When I was in business school in the 1990’s, the buzzword of the day was “globalization”. To me, it made perfect sense. Why wouldn’t the world be interconnected and try to do commerce globally instead of each country trying to take on the world? And globalization took off. And then, in the 2010’s, there began chatter that globalization was falling apart. Disintegrating. Huh? Why would this happen? This did not make sense to me – after all the integration that happened over the past two decades, why would this suddenly stop? Yes, the GFC of 2008-9 and covid 19 put up challenges to global trade and capital flows – but, according to the shipping company DHL, who does a global interconnectedness study every year, global integration is alive and well. “Trade in goods bounced back quickly in mid-2020 and even surpassed pre-pandemic levels by the end of the year. By early 2021, global trade volumes set new records.” [1] What gives? Well, number one, it turns out that it isn’t as bleak a picture as many may thought. And, number two, the current war in Ukraine is demonstrating that globalization still exists. But there are challenges.
From the pro-globalization view, for example, the integration of global markets enabled the West to punish the Russian economy in response to Putin’s aggression. A calculus in Russia might have been a potential for a lack of unity in Europe. However, Europe has remained united, likely because political and economic institutions underlying European postwar prosperity are still reasonably strong. Perhaps paradoxically, the war may have strengthened European countries’ ties. It turned out that institutions such as NATO, the U.N., and the IMF are a binding force.
Another part of the equation is currency reserves; the world’s central banks hold about 60% USD and 20% Euros. Although China is likely to be a force to be reckoned with overtime, currency-wise they are not a factor now. The war in Ukraine is demonstrating that the world is still largely integrated. However, there are likely to be long-lasting effects from this war in terms of new global alliances and challenges to western-style democracy. The current sanctions are likely to make some countries want to lessen their reliance on US Dollar reserves. For example, both China and Russia have been working to reduce their reliance on the dollar; Yuan settlements were already up to 28% of Chinese exports to Russia in 2021 from just 2% in 2013. According to one Chinese chamber of commerce leader, “Yuan-Ruble settlement has become a normal business at major banks nowadays … We business people are already accustomed to that,”

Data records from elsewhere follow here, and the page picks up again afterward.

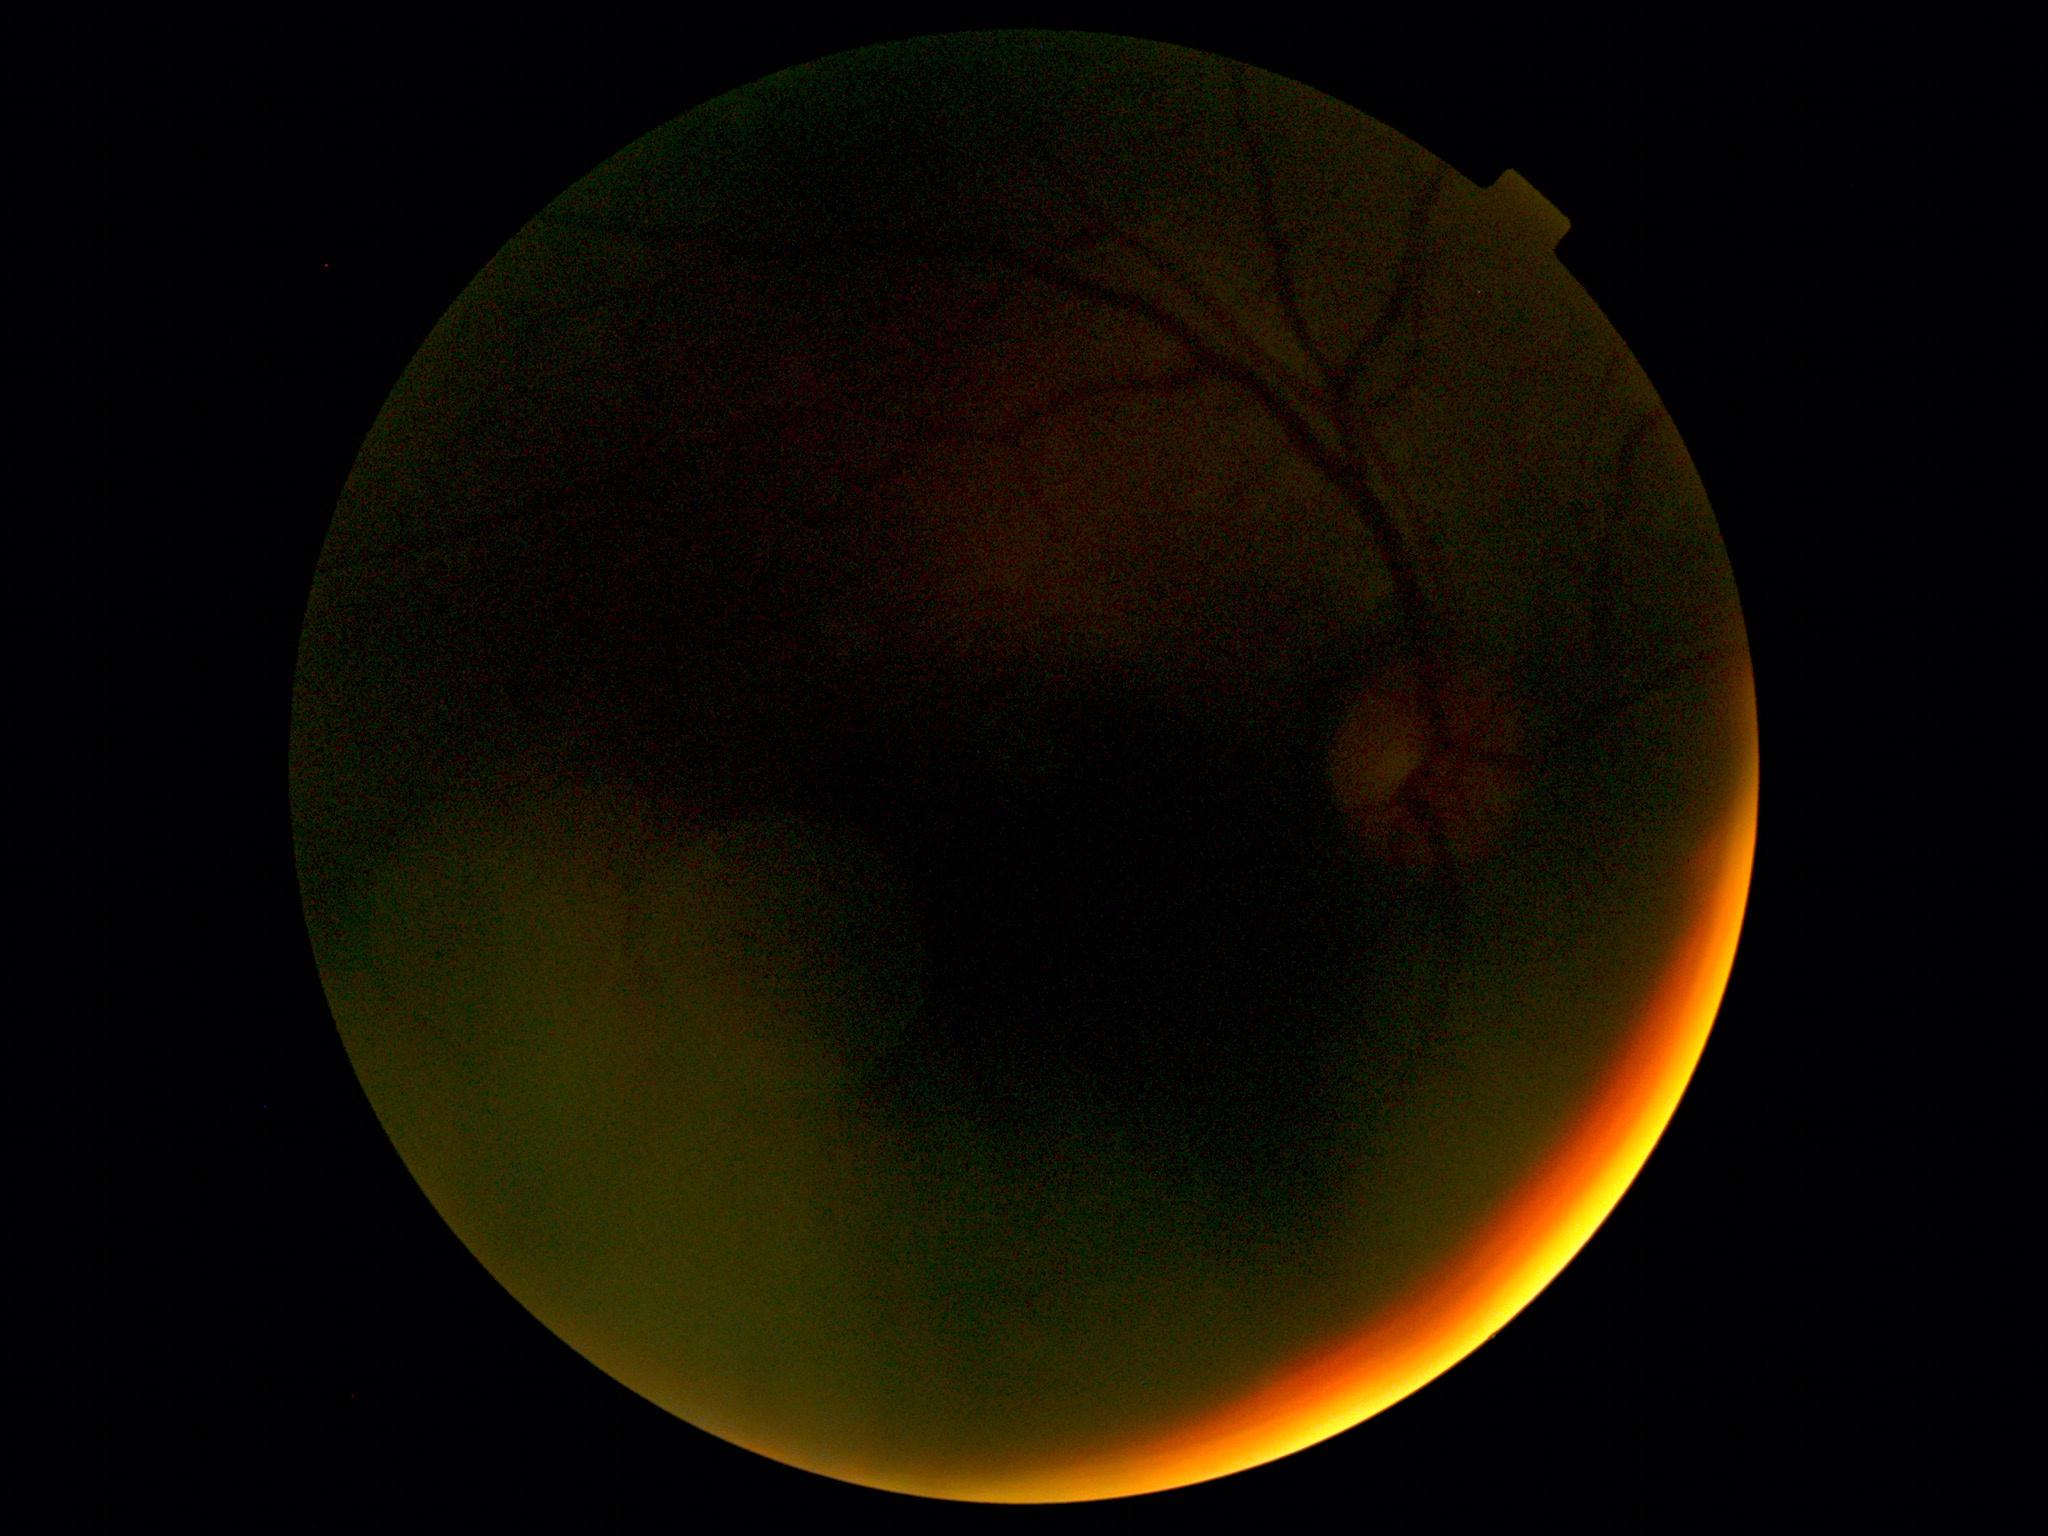 image quality=too poor for DR grading, retinopathy grade=ungradable.
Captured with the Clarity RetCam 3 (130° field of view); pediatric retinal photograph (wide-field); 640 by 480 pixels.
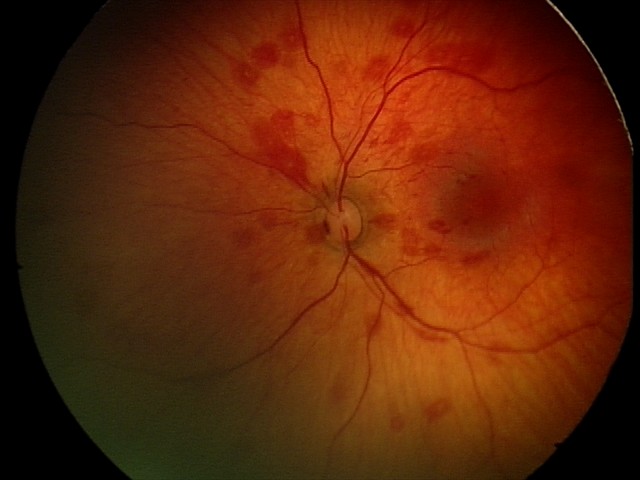 From an examination with diagnosis of retinal hemorrhages.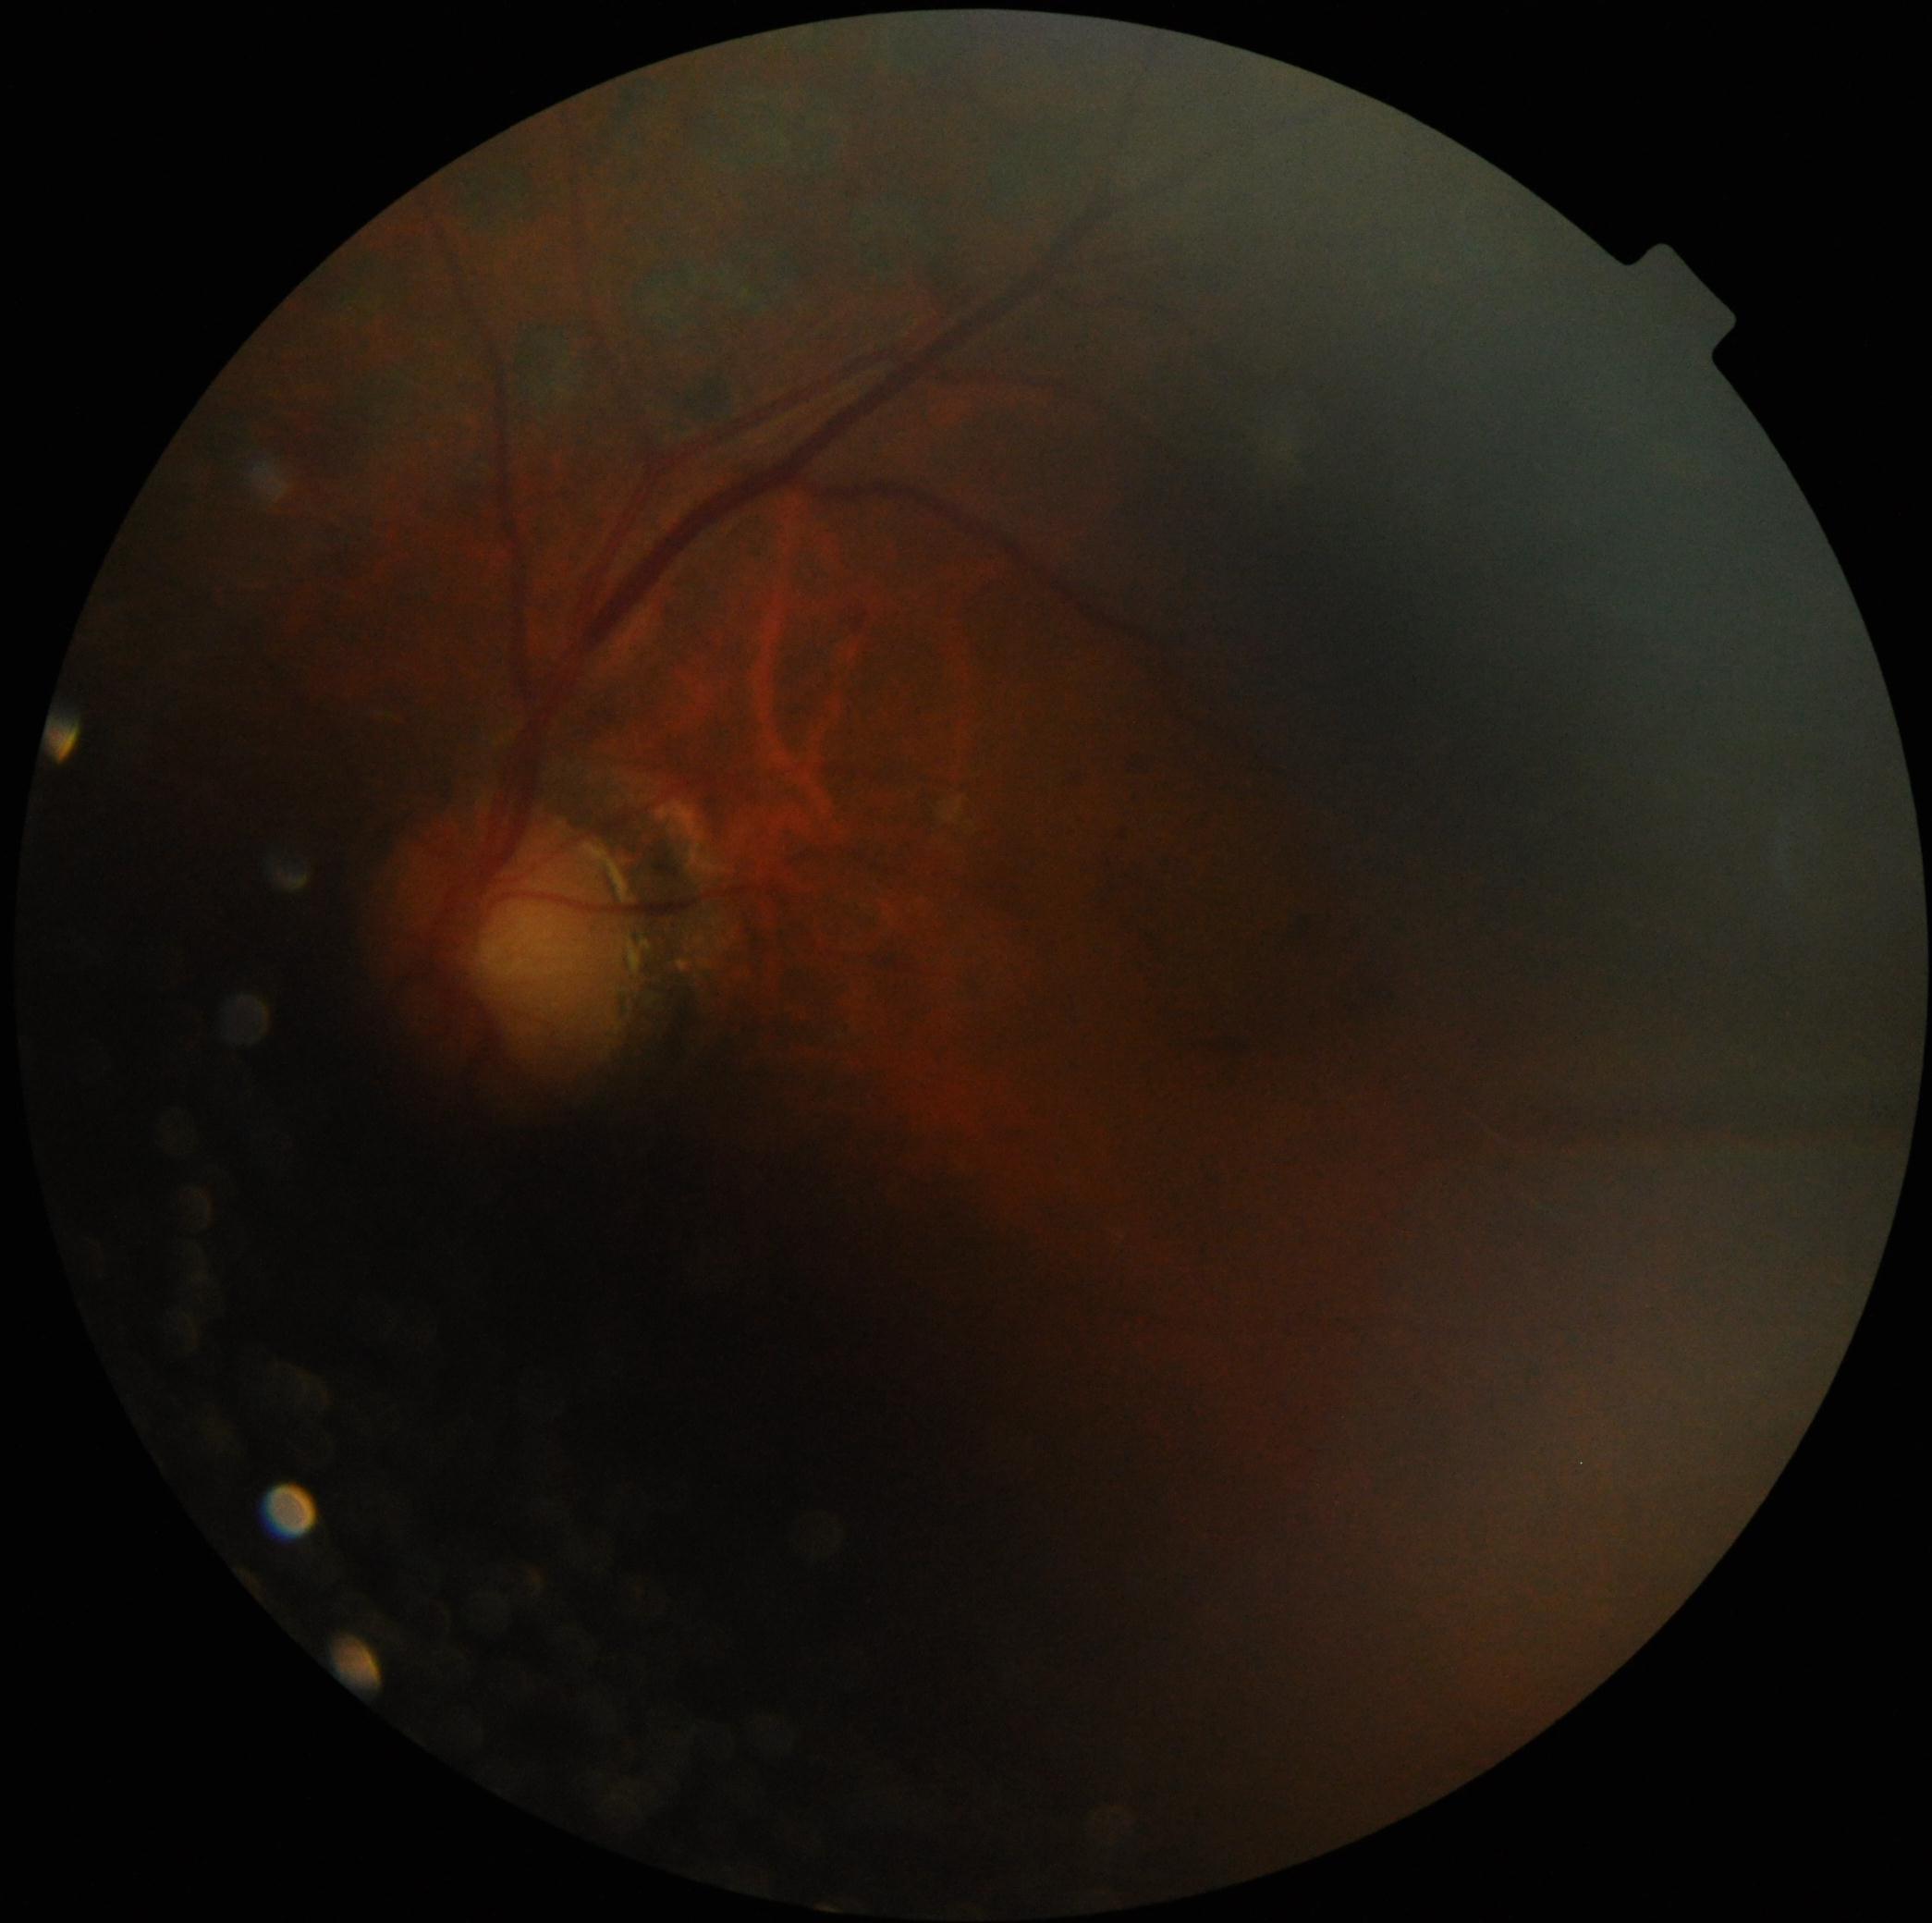
DR class: non-proliferative diabetic retinopathy.
Diabetic retinopathy (DR): grade 2 (moderate NPDR).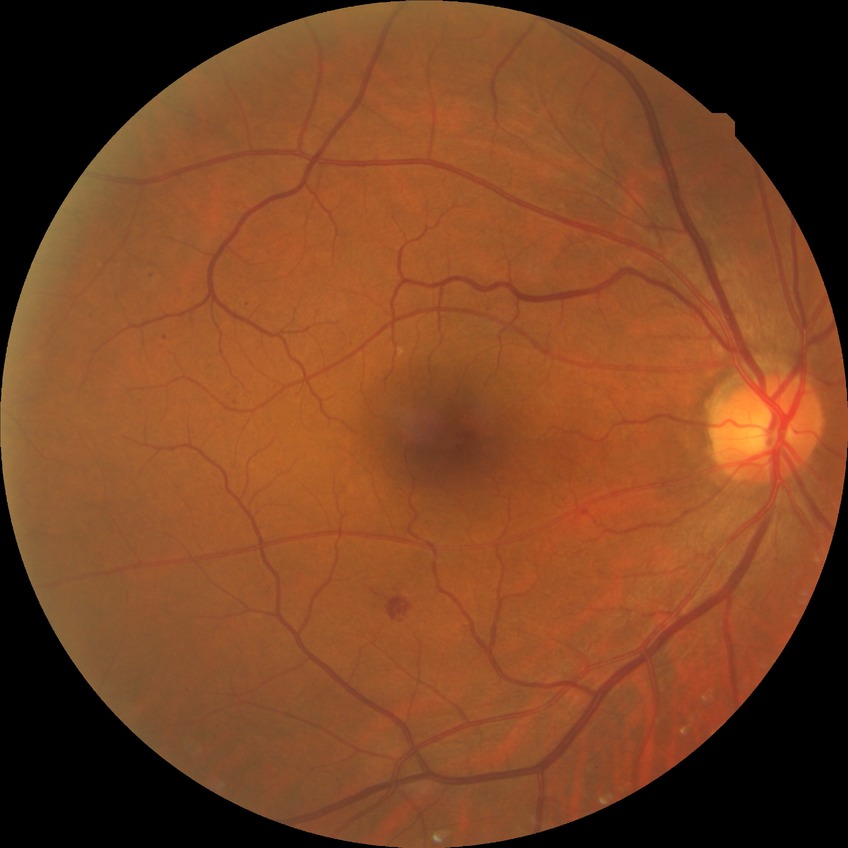

Diabetic retinopathy (DR) is SDR (simple diabetic retinopathy).

Over the past 5+ years, the world has moved to a more isolationist posture and conversations about the tenuousness of democratic institutions have increased.
Globalization has taken a back seat to geopolitical rivalry and global uncertainty. While Mr. Putin displayed uneasiness with the EU and NATO, the Western countries have spent more time looking inward. Countries like China and Russia pulled back from liberalism and moved toward autocracy. Examples include President Trump imposing tariffs on aluminium and steel imports and hitting China with a ban on access to technology. China’s stiff-armed Australia on trade due to political quarrels related to Covid-19 and the Taiwan situation. More recently, President Biden, along with China and Europe are offering subsidies to local manufacturers in the name of national security. The World Trade Organization has been unable to curb these protectionist policies. However, the global community’s embrace of sanctions against Russian oligarchs gives hope of more coordinated efforts. It is possible that the invasion of Ukraine will demonstrate that tyrants like Putin are unwelcome in the global community. The final impact on global trade and the value of the US dollar remain to be seen. We will keep you advised as events unfold.